----- DATA TO PROCESS
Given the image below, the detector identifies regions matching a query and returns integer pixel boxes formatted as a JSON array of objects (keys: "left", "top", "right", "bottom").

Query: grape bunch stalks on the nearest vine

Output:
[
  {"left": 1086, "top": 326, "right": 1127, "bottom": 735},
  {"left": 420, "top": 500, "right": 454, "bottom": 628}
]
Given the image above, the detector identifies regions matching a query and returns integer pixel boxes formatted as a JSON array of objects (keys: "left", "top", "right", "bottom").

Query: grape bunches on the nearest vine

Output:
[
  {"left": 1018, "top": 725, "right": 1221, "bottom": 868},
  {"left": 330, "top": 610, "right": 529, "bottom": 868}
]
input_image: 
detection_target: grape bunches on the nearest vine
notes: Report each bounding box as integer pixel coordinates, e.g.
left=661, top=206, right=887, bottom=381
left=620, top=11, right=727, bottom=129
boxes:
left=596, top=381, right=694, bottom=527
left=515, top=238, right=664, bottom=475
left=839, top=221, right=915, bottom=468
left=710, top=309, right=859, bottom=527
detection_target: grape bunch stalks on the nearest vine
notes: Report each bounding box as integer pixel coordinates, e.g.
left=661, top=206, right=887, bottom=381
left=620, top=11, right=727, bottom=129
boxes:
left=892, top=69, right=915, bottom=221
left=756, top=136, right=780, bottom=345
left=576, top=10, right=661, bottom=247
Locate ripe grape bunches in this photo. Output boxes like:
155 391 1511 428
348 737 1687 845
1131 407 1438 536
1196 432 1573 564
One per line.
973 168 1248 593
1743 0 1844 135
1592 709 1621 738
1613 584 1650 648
----------
• _EXERCISE DESCRIPTION_: Print the line with "155 391 1511 428" and every line after it in the entries above, exactly as written. Leave out all other lines.

• _WRITTEN REPLY_:
155 391 1511 428
348 737 1687 845
1131 407 1438 536
1196 432 1573 564
One per line.
973 168 1248 593
1743 0 1844 135
1592 709 1621 738
1613 584 1650 648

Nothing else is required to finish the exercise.